Introduced by Heck's lab in a paper published in Analytical Chemistry in 2012, EThcD combines the two fragmentation methods to improve coverage and identification of fragment ions compared to conventional fragmentation techniques. In particular, Heck noted, the technique is useful for analysis of non-trypic peptides, such as the endogenous peptides his team targeted in its HLA work.
HLA class I molecules are a key part of the immune system, binding to short peptides generated by the degradation of cellular proteins, which they then present at the cell surface for detection by immune actors like T lymphocytes. Presentation of specific peptides marks cancerous or infected cells for destruction.
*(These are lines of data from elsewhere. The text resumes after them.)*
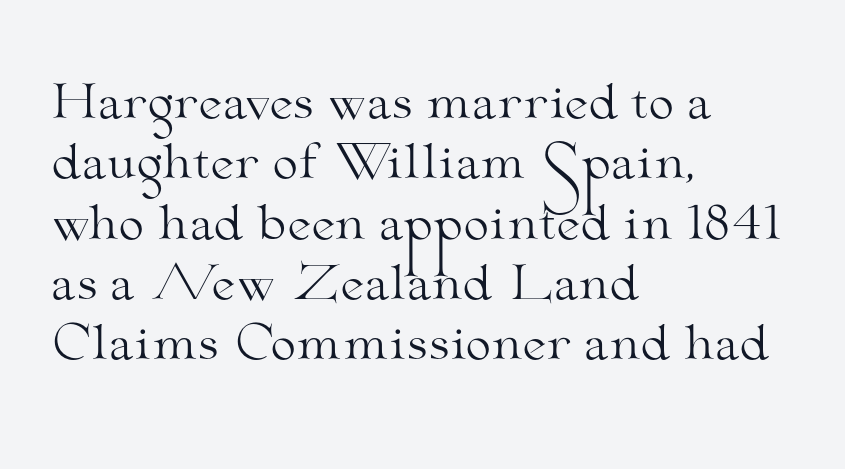
Q: Is the text bold? A: No.
Q: Is the text italic (slanted)? A: No, it is upright.
Q: Is the typeface a serif or a sans-serif typeface? A: Serif.
Q: Is the text underlined? A: No.
Q: How is the paragraph aligned? A: Left-aligned.
Q: Is the spacing between letters normal or unusually wide? A: Normal.
Q: Is the spacing between lines tight, normal or loose? A: Normal.
Q: Width (condensed, normal, or wide)? A: Wide.
Q: Stroke contrast? A: Medium.
Q: x-height? A: Small.
Q: Monospaced? A: No.
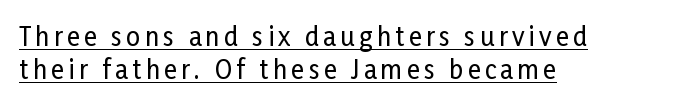
Q: Is the text italic (slanted)? A: No, it is upright.
Q: Is the text underlined? A: Yes.
Q: How is the paragraph aligned? A: Left-aligned.
Q: Is the spacing between lines tight, normal or loose? A: Normal.
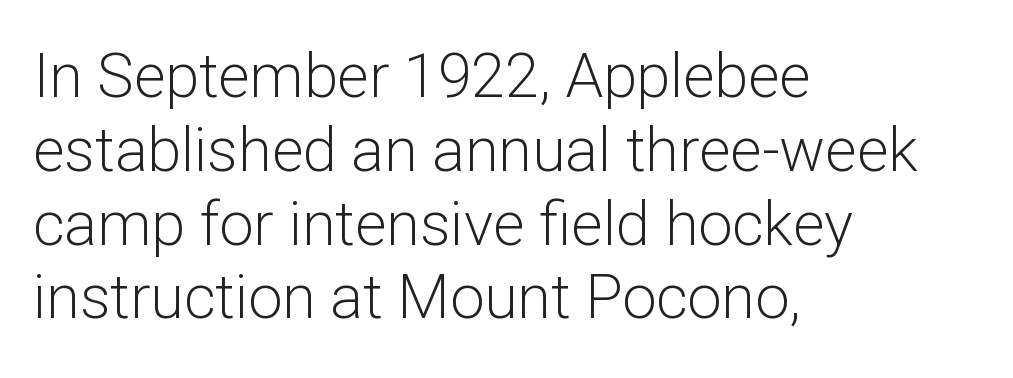
The image shows 61 px light sans-serif type, upright; set left-aligned, line spacing 1.21x, normal letter spacing, not underlined; low stroke contrast and a medium x-height.
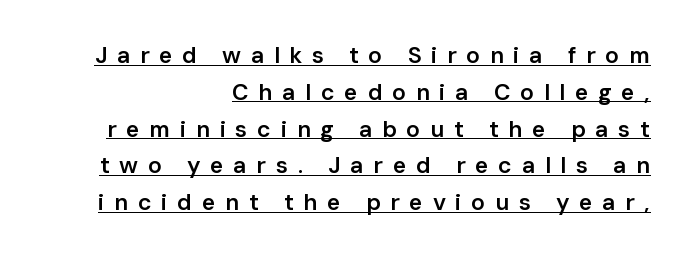
The image shows 23 px text type, upright; set right-aligned, normal line spacing (1.6x), unusually wide letter spacing (+0.42 em), underlined.
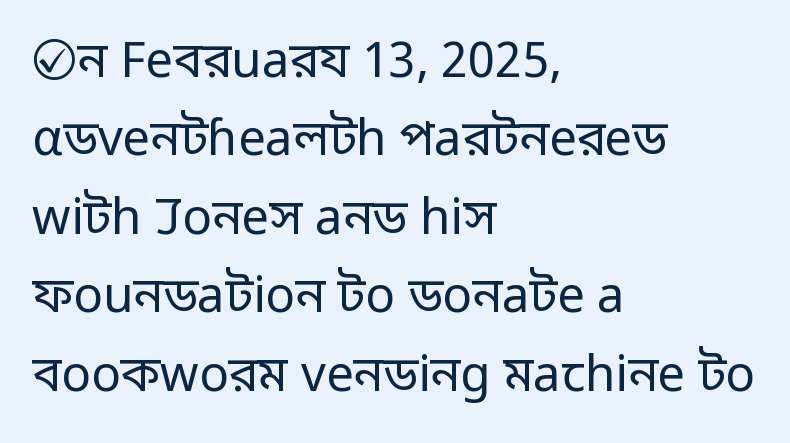
Q: Is the text bold? A: No.
Q: Is the text italic (slanted)? A: No, it is upright.
Q: Is the typeface a serif or a sans-serif typeface? A: Sans-serif.
Q: Is the text underlined? A: No.
Q: How is the paragraph aligned? A: Left-aligned.
Q: Is the spacing between letters normal or unusually wide? A: Normal.
Q: Is the spacing between lines tight, normal or loose? A: Normal.
Q: Width (condensed, normal, or wide)? A: Normal.
Q: Stroke contrast? A: Low.
Q: x-height? A: Medium.
Q: Monospaced? A: No.
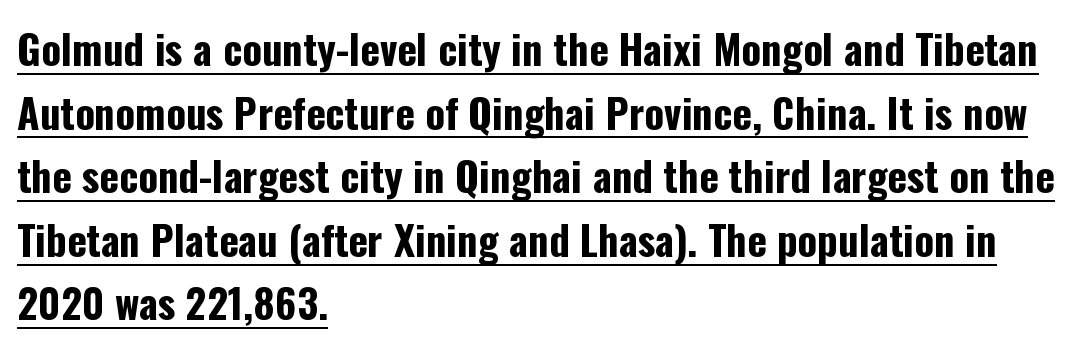
Q: Is the text bold? A: Yes.
Q: Is the text italic (slanted)? A: No, it is upright.
Q: Is the typeface a serif or a sans-serif typeface? A: Sans-serif.
Q: Is the text underlined? A: Yes.
Q: How is the paragraph aligned? A: Left-aligned.
Q: Is the spacing between letters normal or unusually wide? A: Normal.
Q: Is the spacing between lines tight, normal or loose? A: Normal.
Q: Width (condensed, normal, or wide)? A: Condensed.
Q: Stroke contrast? A: Low.
Q: x-height? A: Medium.
Q: Monospaced? A: No.
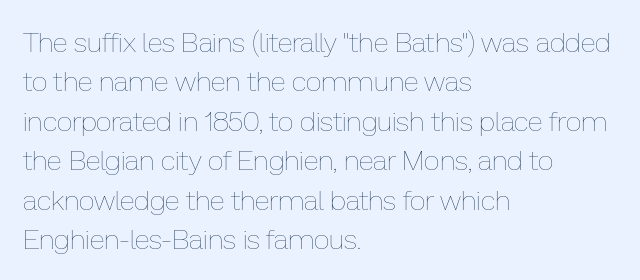
The image shows 28 px thin type, upright; set left-aligned, normal line spacing (1.41x), normal letter spacing, not underlined; low stroke contrast and a medium x-height.
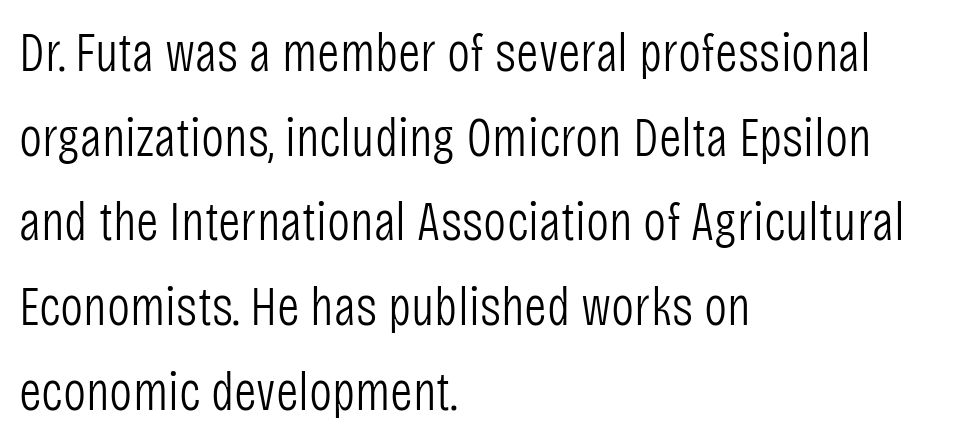
Q: Is the text bold? A: No.
Q: Is the text italic (slanted)? A: No, it is upright.
Q: Is the typeface a serif or a sans-serif typeface? A: Sans-serif.
Q: Is the text underlined? A: No.
Q: How is the paragraph aligned? A: Left-aligned.
Q: Is the spacing between letters normal or unusually wide? A: Normal.
Q: Is the spacing between lines tight, normal or loose? A: Normal.
Q: Width (condensed, normal, or wide)? A: Condensed.
Q: Stroke contrast? A: Low.
Q: x-height? A: Large.
Q: Monospaced? A: No.

Given their key role in this process, researchers have sought to generate profiles of these peptides, and shotgun mass spec has emerged as the leading approach for such efforts.
Identifying large numbers of these peptides, however, has proven challenging using conventional mass spec techniques, Heck said, noting that thus far most efforts to identify them have maxed out at around 500 peptides. This, the PNAS authors noted, is likely due to the non-tryptic nature of these endogenously processed peptides and the fact that they may contain "certain amino acid residues that are known to hamper efficient backbone dissociation" by traditional fragmentation methods.
Heck and his colleagues hoped to achieve more complete coverage using the EThcD approach, which generates both ETD and HCD fragment ions, offering more informative mass spectra compared to traditional methods and potentially improving identifications.
Using the technique to analyze a human B-cell line on a customized Thermo Fisher Scientific Orbitrap Elite instrument, the Utrecht team identified more than 12,000 HLA class I-associated peptides, dramatically expanding the known repertoire of these molecules. Indeed, the researchers noted, "comparison of the complete dataset with recent large-scale studies revealed that 81 percent of the peptides have not been reported before."
In addition to the EThcD analysis, the researchers also performed the experiment using conventional fragmentation techniques including collision induced dissociation, HCD, and ETD alone and CID combined with HCD. EThcD analysis resulted in a 39 percent rate of high-confidence peptide identifications, roughly twice as high a rate as ETD alone and more than three times the rate of CID and HCD alone and CID combined with HCD.
The EThcD method does result in "a somewhat slower duty cycle" due to the two forms of fragmentation used, Heck said, but, he noted, this is more than made up for by the increase in peptide IDs.
The method could prove useful for analysis of a variety of analytes beyond HLA-associated peptides, Heck said. In particular, he noted, it could provide improved coverage of glycopeptides, with ETD fragmentation offering good information on the peptide backbone and HCD offering information on the attached glycans.
For the PNAS work, the Utrecht team used a specially modified Orbitrap Elite instrument that they customized in collaboration with Thermo Fisher scientists. Thermo Fisher's recently released Orbitrap Fusion, however, has a built-in EThcD, Heck said, "so [the method] will be available to anyone."
Perhaps more significant than the demonstration of the EThcD approach, though, Heck said, were the insights it offered into the composition of the HLA class I-associated peptide population.
He cited, for example, the technique's success at localizing phosphorylation sites on these peptides, a feature that could prove important in understanding HLA class I-associated peptides in cancerous cells. The notion, Heck said, is that dysregulation of cell signaling in cancer cells could be reflected in phosphorylation of their HLA-associated peptides. In total, the Utrecht researchers identified roughly 0.5 percent of all peptides in the study as being phosphorylated.
More generally, Heck said, the EThcD method's ability to generate deep profiles of HLA class I-associated peptides could enable identification of cell-specific differences in these peptide populations that could improve the ability to select specific cells for therapy.
"For instance, if you are able to identify that a certain peptide is presented on cancer cells but not on other [healthy] cells, you could use that for targeting those cells," he said.
Similar work has been done by previous researchers, Heck said, but these efforts have been limited by the relatively small number of peptide identifications generated by conventional workflows.
He and his colleagues are currently using the EThcD approach to compare the HLA-associated peptide profiles across a variety of cell types, including cancer cell lines, he said.